Termina as suas alegações de recurso, formulando as seguintes conclusões:
«a) A oponente apresentou oposição à execução fiscal, com três fundamentos, a sua ilegitimidade, por ser proprietária dos imóveis em causa, o facto de ser um cooperativa de habitação económica, logo, isenta de contribuição predial e, sem prescindir, impugnou as liquidações efectuadas, em virtude de errados pressupostos de avaliação.
b) A sentença em crise menciona que a oposição não apresenta quaisquer fundamentos dos previstos no artigo 204º do C.P.P.T., e verificou a procedência da excepção do erro da forma do processo.
c) Não se pronunciou, como estava obrigada, no que diz respeito aos restantes fundamentos na parte processual que se pudesse aproveitar.
d) Desta forma, o tribunal a quo deveria conhecer das outras excepções invocadas na oposição, a saber da ilegitimidade e da isenção que beneficia, dado que foram tempestivamente legadas e no articulado próprio.
e) Não o fazendo, o tribunal a quo, violou os artigos 199º, 493º, 494º, 495º e 496º do CPC e o artigo 204º do CPPT.»

2 – A Fazenda Publica não apresentou contra alegações.

3 – O Exmº Procurador-geral Adjunto neste Supremo Tribunal Administrativo emitiu o douto parecer no sentido do provimento do recurso, sustentando que a recorrente formulou um pedido principal adequado à forma processual adoptada (ilegitimidade substantiva, fundamento legal para dedução de oposição (art.204° n°1 al. b) 2°segmento CPPT) e que a adequação da forma processual utilizada àquela pretensão de tutela jurídica impede a existência de erro na forma de processo e impõe o conhecimento do mérito da causa com base no fundamento legal invocado de oposição à execução, após fixação da matéria de facto pertinente.
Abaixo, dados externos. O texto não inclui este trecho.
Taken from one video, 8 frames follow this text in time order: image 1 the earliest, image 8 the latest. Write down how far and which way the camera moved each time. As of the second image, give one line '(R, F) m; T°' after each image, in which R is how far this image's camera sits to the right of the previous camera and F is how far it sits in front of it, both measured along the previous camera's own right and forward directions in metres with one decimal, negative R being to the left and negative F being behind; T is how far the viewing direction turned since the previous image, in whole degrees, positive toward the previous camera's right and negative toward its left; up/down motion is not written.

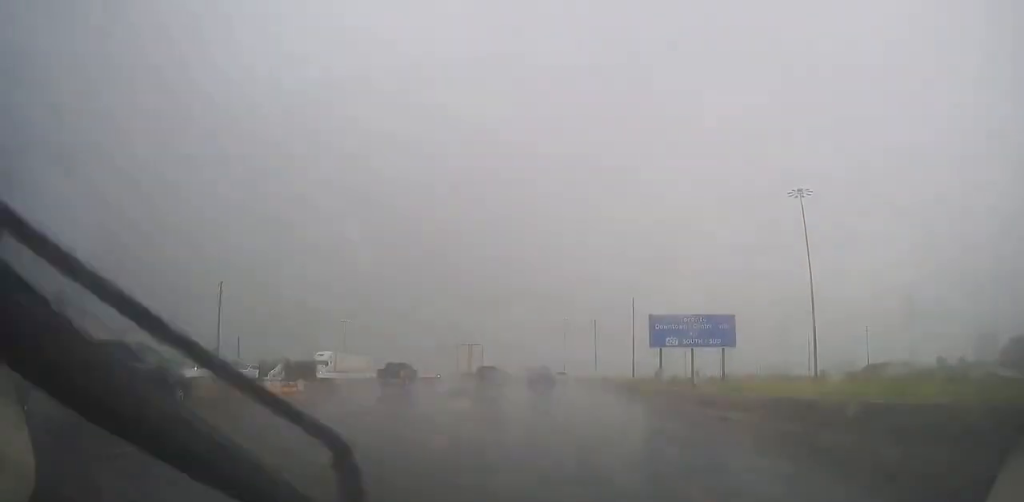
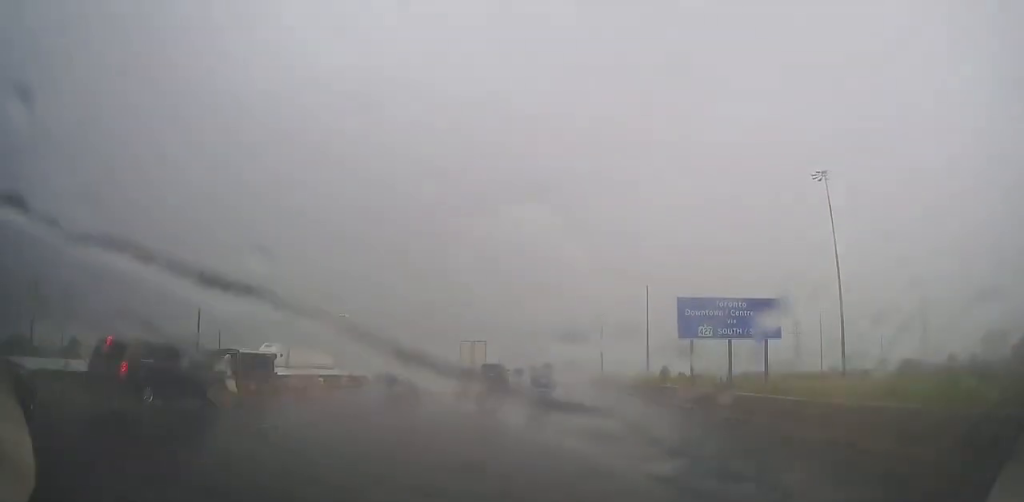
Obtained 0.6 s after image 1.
(-0.1, +7.5) m; 0°
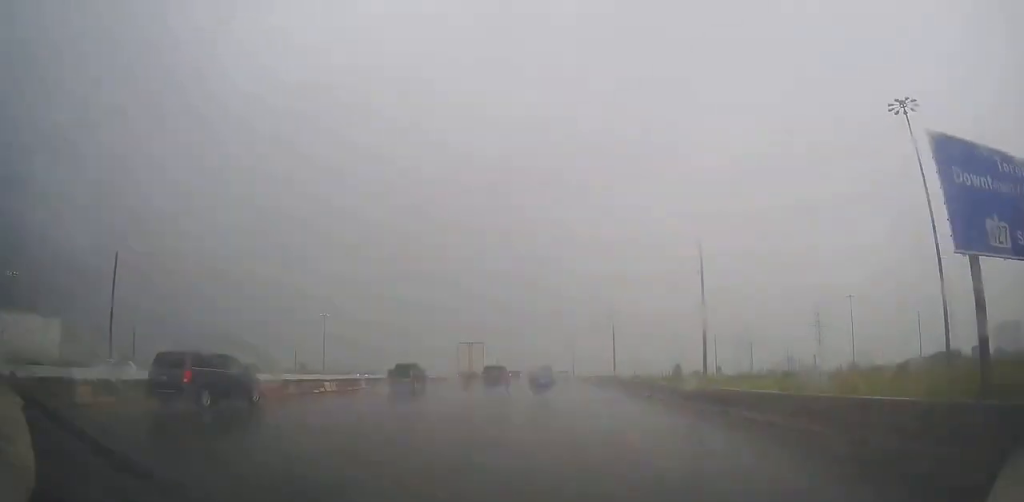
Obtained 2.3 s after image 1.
(+0.2, +23.4) m; +1°
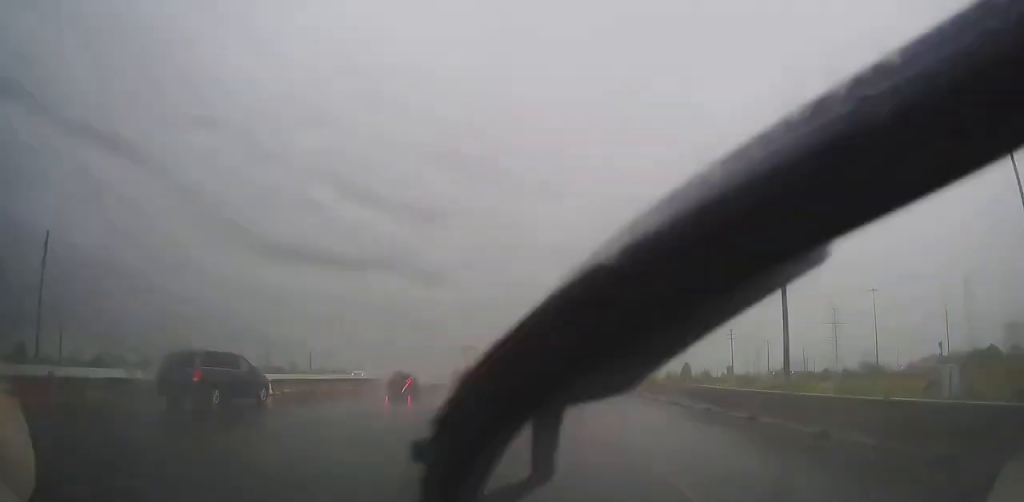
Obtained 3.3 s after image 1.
(-0.1, +14.3) m; -2°
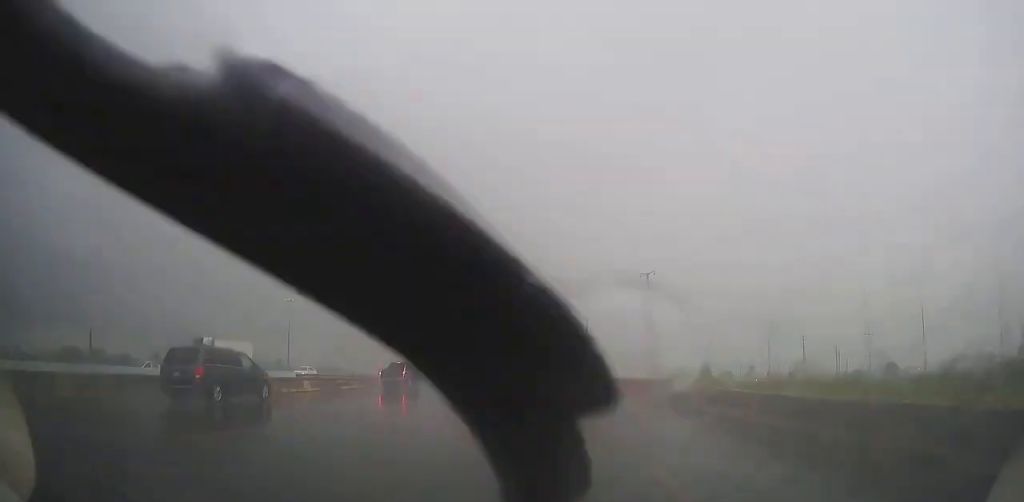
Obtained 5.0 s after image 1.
(-0.1, +23.5) m; 0°
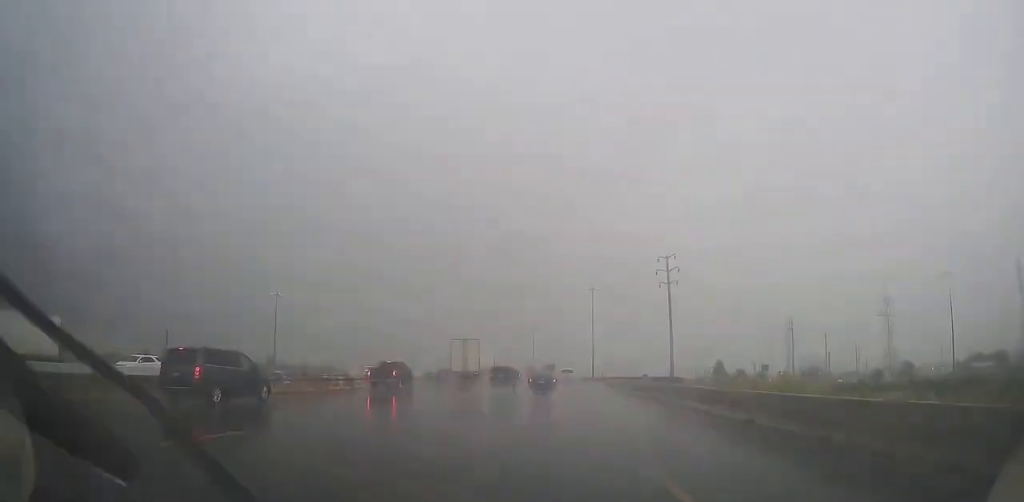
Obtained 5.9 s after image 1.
(-0.3, +13.2) m; -1°
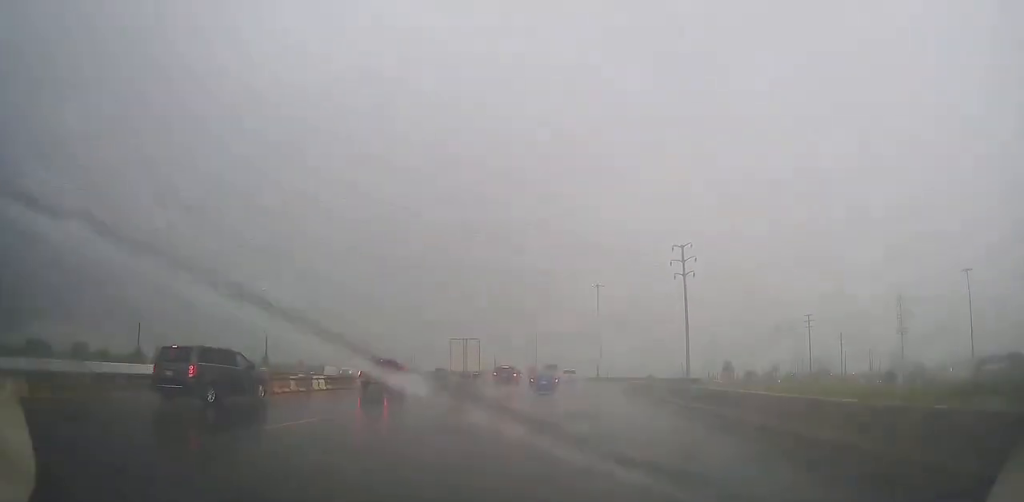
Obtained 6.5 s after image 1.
(-0.1, +7.5) m; 0°
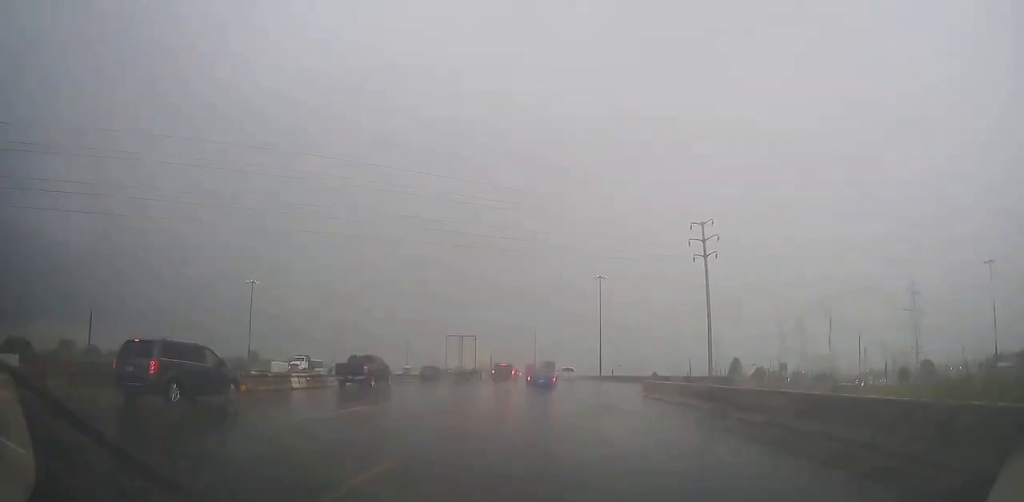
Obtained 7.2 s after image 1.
(0.0, +10.6) m; +1°
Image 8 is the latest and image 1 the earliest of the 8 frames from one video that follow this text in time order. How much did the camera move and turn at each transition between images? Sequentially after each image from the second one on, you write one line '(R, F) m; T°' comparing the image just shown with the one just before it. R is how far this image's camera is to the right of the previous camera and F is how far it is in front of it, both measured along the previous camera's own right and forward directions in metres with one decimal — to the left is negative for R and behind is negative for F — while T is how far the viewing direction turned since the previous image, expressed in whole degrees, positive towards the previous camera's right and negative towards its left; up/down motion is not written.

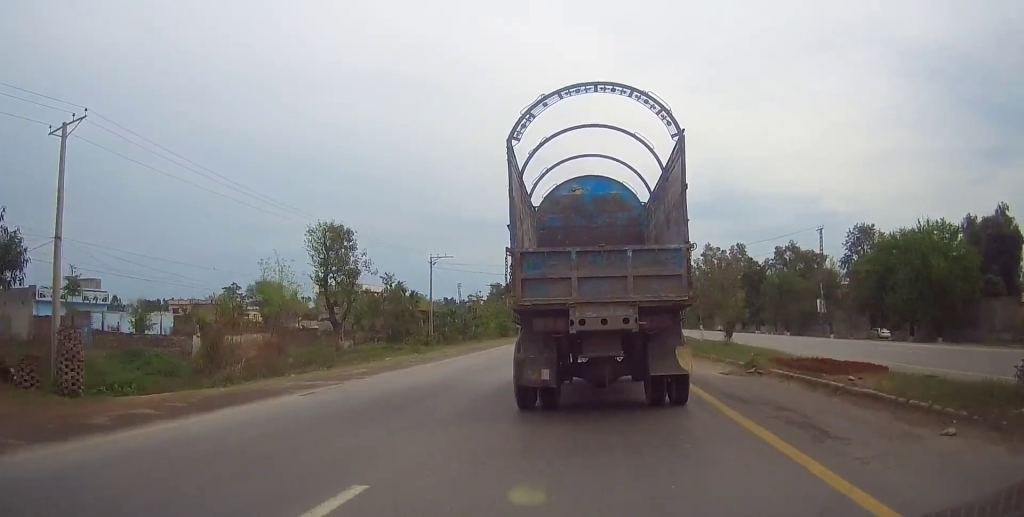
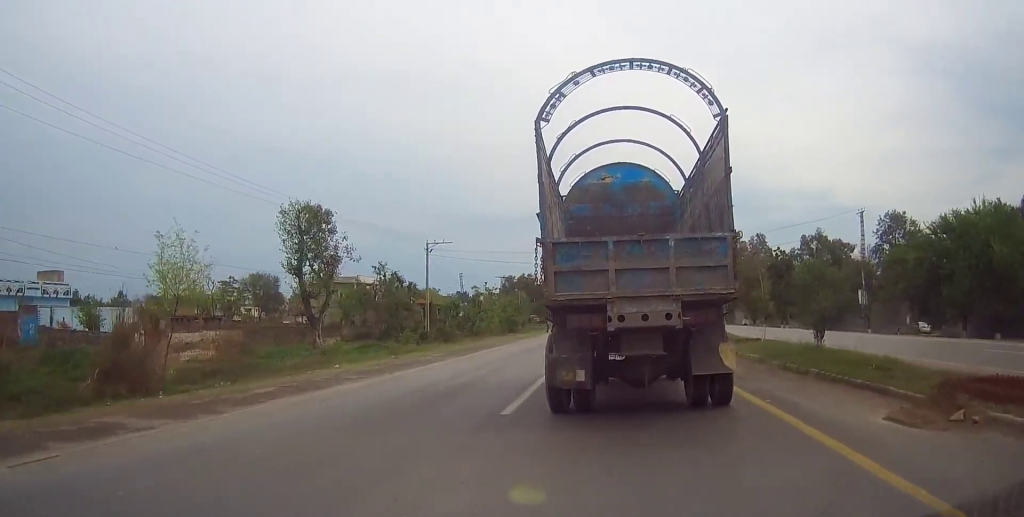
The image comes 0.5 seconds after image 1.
(+0.2, +7.9) m; 0°
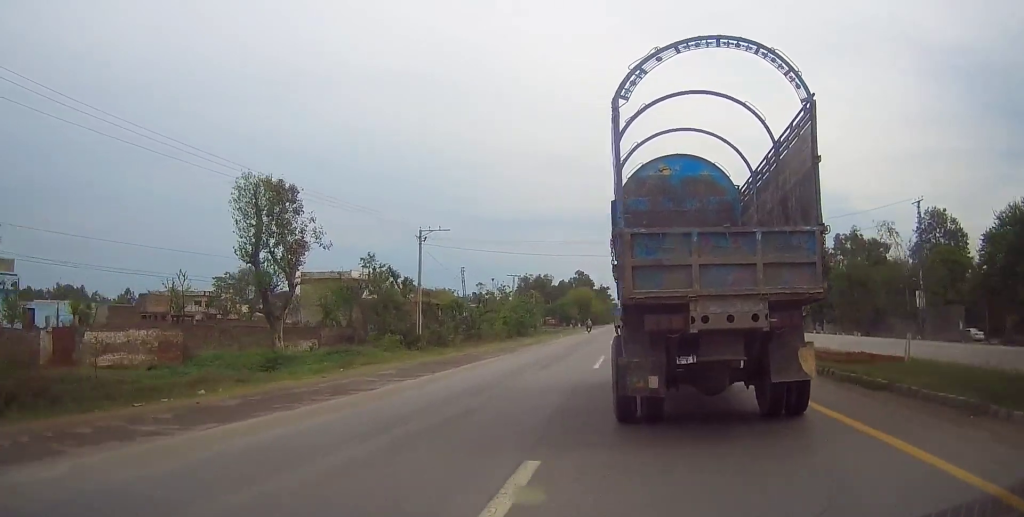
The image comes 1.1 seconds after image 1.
(-0.3, +9.2) m; -1°
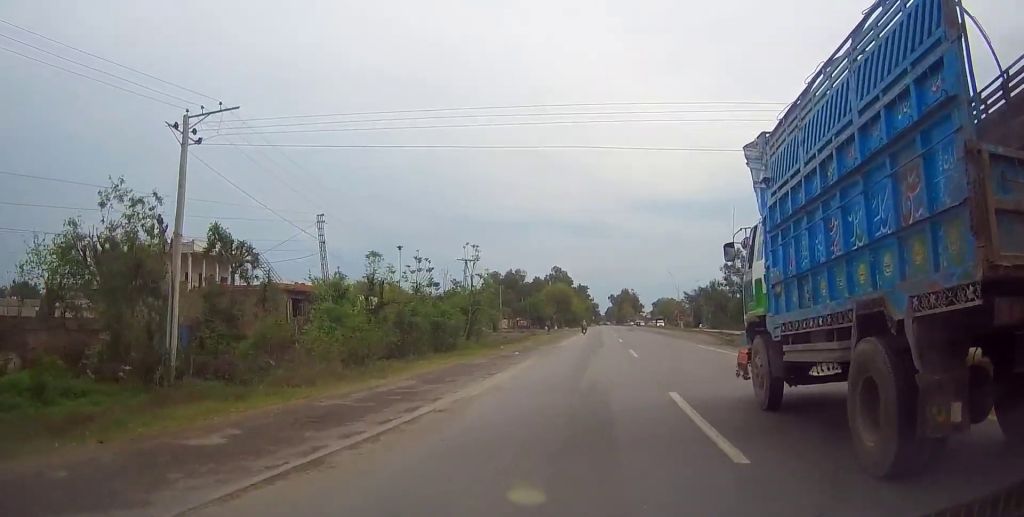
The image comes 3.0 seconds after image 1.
(+0.1, +30.9) m; +2°
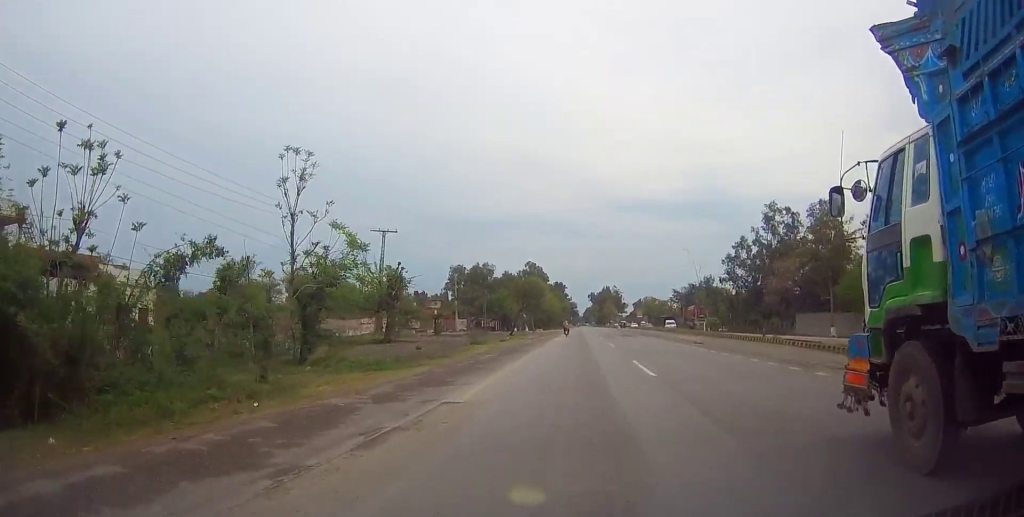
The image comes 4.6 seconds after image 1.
(+0.6, +27.0) m; +2°
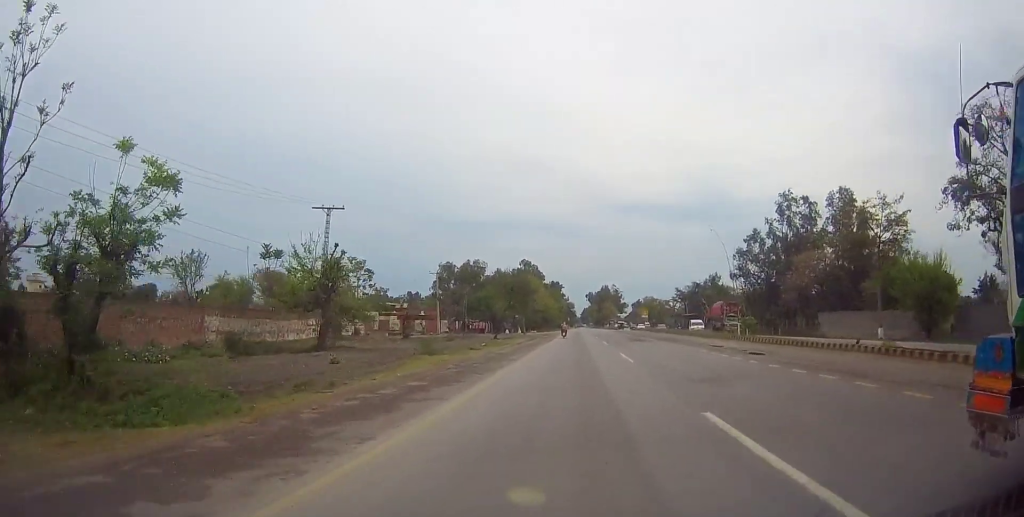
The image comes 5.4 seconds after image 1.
(+0.3, +12.5) m; 0°
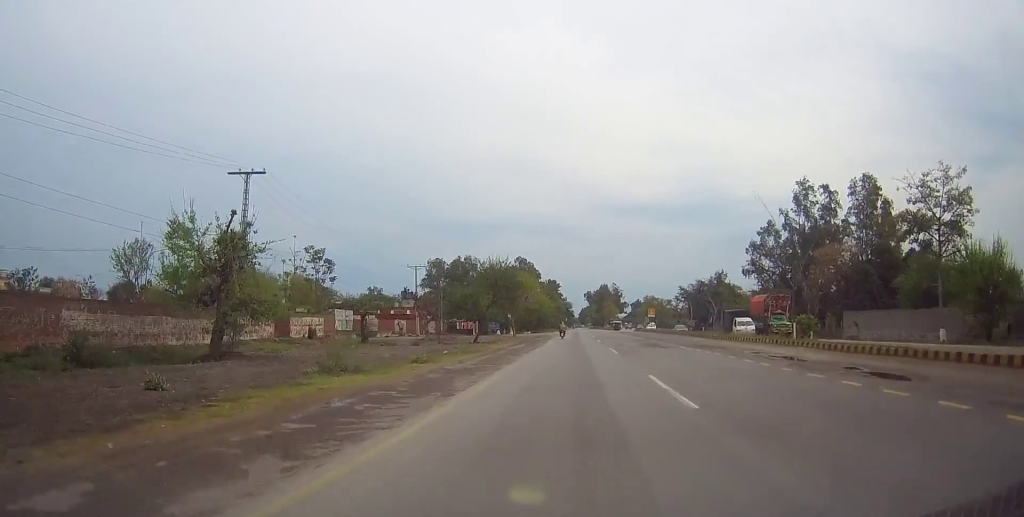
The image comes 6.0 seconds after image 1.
(-0.2, +11.3) m; 0°
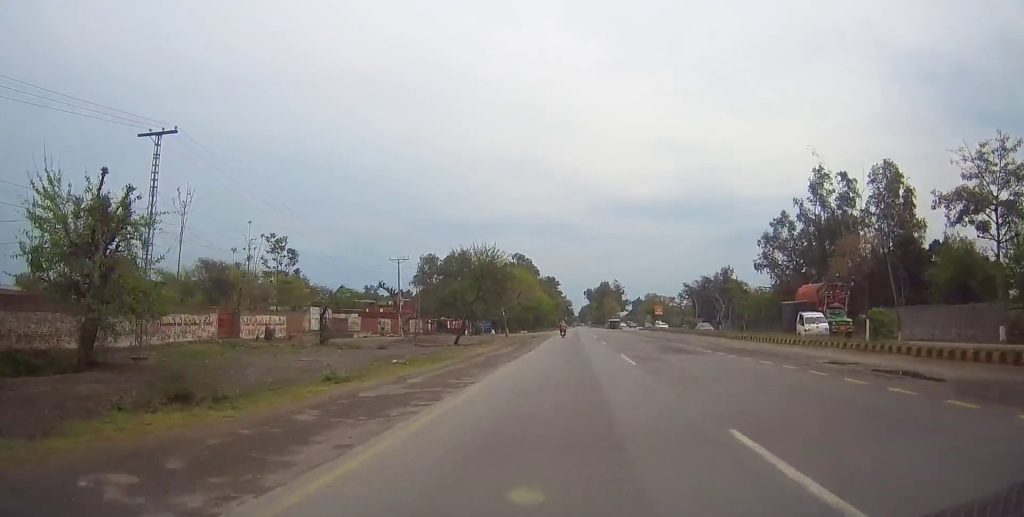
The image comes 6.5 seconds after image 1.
(-0.1, +8.5) m; 0°

4 – Colhidos os vistos legais, cabe decidir.

5. Do objecto do recurso.
A questão que cumpre apreciar e decidir é a de saber se a decisão recorrida fez errado julgamento ao considerar verificado erro na forma do processo, absolvendo a Fazenda Pública do pedido, nos termos estatuídos nos art°s 199º, 288º nº1 al. b), 493º nº1 e 2 e 494º al. b) todos do Código de Processo Civil aplicáveis por força do artº 2º al. e) do CPPT.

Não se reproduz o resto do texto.